Letting go is a Cool Move 

A trip to a museum with children is a microcosm of parenting. You want your kids to have fun while they learn, of course. But you don't want them running all over the place knocking stuff down while they're at it. So how to maintain control while still giving them freedom?

            I can't help you with the parenting question, but I can guide you to a museum exhibition designed specifically for children to explore on their own. Cool Moves! The artistry of motion, at the Rochester Museum and Science Center through June 22, has 15 stations that reveal different aspects of motion --- chaos vs. patterns, vibration vs. linear, repeating vs. nonrepeating, etc. With two tornados that kids can manipulate, a ripple tank that throws shadow patterns onto the floor, and a wall of motion-triggered lights, this is one exhibit that allows parents to take a back seat as kids lead the learning.

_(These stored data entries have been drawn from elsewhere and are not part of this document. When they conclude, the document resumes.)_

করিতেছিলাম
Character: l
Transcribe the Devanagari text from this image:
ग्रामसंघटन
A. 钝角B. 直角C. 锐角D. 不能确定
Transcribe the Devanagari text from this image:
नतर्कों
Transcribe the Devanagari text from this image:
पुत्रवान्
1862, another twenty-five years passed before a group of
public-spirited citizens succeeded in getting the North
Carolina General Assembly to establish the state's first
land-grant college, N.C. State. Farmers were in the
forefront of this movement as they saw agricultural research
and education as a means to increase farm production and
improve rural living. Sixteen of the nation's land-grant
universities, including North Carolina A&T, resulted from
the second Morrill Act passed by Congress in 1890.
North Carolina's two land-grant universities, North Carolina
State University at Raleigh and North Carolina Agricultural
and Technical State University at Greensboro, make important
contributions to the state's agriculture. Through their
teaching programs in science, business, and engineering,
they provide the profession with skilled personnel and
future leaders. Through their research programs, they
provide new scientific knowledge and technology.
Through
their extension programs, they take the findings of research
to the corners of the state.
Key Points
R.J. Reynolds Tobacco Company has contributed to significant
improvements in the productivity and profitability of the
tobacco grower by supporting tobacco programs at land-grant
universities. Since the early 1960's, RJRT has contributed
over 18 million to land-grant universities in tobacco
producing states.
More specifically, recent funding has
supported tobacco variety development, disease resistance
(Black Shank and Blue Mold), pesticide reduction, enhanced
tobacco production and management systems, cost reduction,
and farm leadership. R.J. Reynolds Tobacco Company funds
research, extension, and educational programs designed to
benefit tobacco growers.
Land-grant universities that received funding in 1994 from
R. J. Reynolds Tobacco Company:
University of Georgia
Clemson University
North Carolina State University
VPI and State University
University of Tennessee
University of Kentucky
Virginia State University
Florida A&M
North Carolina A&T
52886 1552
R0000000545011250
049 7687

            The show has almost no signage, which at first I thought was an oversight. In the past decade, museum labels and wall text have bulked up like an athlete on steroids. Remember when a small label containing key information about the object, date, and country sufficed? Now it seems every painting, dinosaur bone, and computer model in every museum comes with a mini-thesis that I, as a dutiful parent, feel required to read out loud as my bored children fidget.

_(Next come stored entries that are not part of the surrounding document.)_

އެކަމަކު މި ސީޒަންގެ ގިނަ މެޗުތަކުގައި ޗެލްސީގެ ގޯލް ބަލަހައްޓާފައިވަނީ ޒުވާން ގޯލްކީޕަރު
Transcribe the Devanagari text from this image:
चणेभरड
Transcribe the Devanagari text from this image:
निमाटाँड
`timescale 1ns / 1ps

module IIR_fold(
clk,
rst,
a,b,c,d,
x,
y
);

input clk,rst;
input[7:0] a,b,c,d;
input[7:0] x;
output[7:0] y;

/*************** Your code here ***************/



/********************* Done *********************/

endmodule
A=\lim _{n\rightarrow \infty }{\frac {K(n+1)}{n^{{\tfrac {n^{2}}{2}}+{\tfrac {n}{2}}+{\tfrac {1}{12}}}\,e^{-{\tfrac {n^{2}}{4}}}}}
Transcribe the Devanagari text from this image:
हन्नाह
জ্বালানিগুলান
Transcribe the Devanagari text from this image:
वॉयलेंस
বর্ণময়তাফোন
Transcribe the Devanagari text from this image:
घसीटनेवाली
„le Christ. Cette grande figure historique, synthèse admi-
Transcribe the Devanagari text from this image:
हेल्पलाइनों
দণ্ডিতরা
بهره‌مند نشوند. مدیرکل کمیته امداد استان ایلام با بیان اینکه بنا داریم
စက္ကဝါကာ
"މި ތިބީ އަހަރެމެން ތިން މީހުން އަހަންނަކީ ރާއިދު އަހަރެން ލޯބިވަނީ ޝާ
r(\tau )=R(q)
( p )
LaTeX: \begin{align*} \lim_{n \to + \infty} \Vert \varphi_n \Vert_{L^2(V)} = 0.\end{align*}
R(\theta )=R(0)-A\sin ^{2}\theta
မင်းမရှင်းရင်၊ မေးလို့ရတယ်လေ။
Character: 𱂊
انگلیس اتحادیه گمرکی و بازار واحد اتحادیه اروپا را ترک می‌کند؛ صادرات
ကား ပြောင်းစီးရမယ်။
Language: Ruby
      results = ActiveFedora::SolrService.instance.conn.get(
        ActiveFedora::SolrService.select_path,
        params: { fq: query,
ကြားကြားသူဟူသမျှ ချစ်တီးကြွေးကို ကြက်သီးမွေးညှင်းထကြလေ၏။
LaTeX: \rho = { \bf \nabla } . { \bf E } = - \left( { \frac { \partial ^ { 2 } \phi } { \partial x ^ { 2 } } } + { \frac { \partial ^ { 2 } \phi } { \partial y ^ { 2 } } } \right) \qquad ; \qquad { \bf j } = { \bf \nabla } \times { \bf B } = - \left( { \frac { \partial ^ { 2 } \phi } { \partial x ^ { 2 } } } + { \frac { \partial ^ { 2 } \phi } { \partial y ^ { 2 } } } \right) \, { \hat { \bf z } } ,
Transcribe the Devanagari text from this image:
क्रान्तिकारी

            I ran along behind my two sons and their friends as they approached the exhibit, in case they had questions. While I was looking for a label to read, the kids got right to work without me. The 6-year-old and his friend were drawn to the cars with crazy wheels on an adjustable track. They were busily putting gear-edged wheels on one car, smooth on the other, when I came over eager to help. "Which wheels will make the cars go faster--?" I began.

            "Look out!" my son said, zooming them down the track. "Bumpy tires lose!" It seemed I wasn't needed.

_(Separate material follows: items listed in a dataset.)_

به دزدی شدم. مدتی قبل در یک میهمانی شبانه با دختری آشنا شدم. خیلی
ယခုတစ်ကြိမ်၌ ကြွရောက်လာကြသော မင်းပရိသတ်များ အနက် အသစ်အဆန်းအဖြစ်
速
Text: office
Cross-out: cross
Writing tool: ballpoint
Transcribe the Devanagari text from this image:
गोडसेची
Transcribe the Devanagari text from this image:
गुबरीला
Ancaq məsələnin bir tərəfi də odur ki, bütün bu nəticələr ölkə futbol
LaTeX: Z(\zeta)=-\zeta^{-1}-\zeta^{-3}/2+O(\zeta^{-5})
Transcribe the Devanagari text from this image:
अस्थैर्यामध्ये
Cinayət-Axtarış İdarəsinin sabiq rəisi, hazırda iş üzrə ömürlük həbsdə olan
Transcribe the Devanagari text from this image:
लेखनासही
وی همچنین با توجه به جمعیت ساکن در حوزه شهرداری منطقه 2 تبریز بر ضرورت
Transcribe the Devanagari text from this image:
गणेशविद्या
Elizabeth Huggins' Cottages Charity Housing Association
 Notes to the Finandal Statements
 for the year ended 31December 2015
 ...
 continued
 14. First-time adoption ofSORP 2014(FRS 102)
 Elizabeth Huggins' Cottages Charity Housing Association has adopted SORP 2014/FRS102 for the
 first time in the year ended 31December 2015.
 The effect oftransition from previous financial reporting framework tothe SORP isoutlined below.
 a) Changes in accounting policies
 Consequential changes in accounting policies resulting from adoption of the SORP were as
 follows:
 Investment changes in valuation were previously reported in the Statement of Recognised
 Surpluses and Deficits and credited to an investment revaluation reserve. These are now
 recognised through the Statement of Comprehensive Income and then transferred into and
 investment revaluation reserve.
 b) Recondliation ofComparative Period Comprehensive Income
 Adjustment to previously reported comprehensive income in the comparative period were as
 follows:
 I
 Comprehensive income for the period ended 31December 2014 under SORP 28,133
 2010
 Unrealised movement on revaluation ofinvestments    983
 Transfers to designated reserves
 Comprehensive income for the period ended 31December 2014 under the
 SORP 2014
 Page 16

            This is exactly what exhibit designers planned, says Calvin Uzelmeier, who helped develop Cool Moves. The label copy is minimal, he says, because they wanted to encourage all kinds of play.

            "The exhibition is designed for a lot of open experimentation," Uzelmeier says. "It's about appreciating the forms of motion, not just the physics but the inherent aesthetics, the way it moves, the way it sounds." This is unlike traditional science museum displays, where the viewer's interaction is scripted. "We're not telling you to push this button, turn this knob, and you'll see what it does," he says. "There's infinite possibilities in each one."

            But still, wasn't I the mother? Wasn't I supposed to be teaching the kids about what they were learning? I trailed after my 9-year-old, who was working with a pendulum and several large magnets. "Pendulums swing back and forth," I said, feeling like I had to say something, however idiotic. But he didn't hear me; he was completely absorbed in moving the magnets and watching the pendulum swing in wild reaction to them. Not only was he learning without me, he could teach me a thing or two.

            Uzelmeier has seen my brand of over-involved parenting before, and tries to be gentle in his assessment of it. "Parents want to tell their kids 'This is what this is about.' They are afraid of learning through play," he says, blaming the rigid way science was taught years ago. "There is a lot of learning that can be done when you give children the freedom to play."

While there's nothing new about the concept of hands-on learning, this show goes several steps farther than most. With its pared-down signage, wide-open possibilities, and emphasis on accessibility, it really engages children. And that's no accident.

            The Cool Moves designers --- a team of educators and scientists from the RMSC and the Sciencenter in Ithaca --- tried out each station on children and then brought them back to the lab for improvement.

            For example, the first station in the exhibit has four globes of swirling green liquid on pedestals. "When we tested it on some children, we noticed that they stood in the middle of the globes and looked at them," Uzelmeier says. "They were waiting for something to happen." The team added lights. "Now when you stand in between the four globes and step on small floor pads, the globes light up," he says.

            My children and their friends loved jumping on the pads and watching the orbs light up. Everyone wanted to know what they were filled with and I, in a break from my traditional role as all-knowing parent, didn't try to make something up.

Nothing about Cool Moves is static, not even the show itself. Even after installing it, the team continued to make changes. "We still spend time watching the visitors, talking to them," Uzelmeier says. So many teachers requested information about the science of motion that the team had a video made. It runs continuously in the exhibit.

            Even the exhibition's minimal signage is subject to change, if visitors request more information. Right now there is one question the team hears constantly. "We might have to make up one more little sign," Uzelmeier says, "that explains what's in the orbs."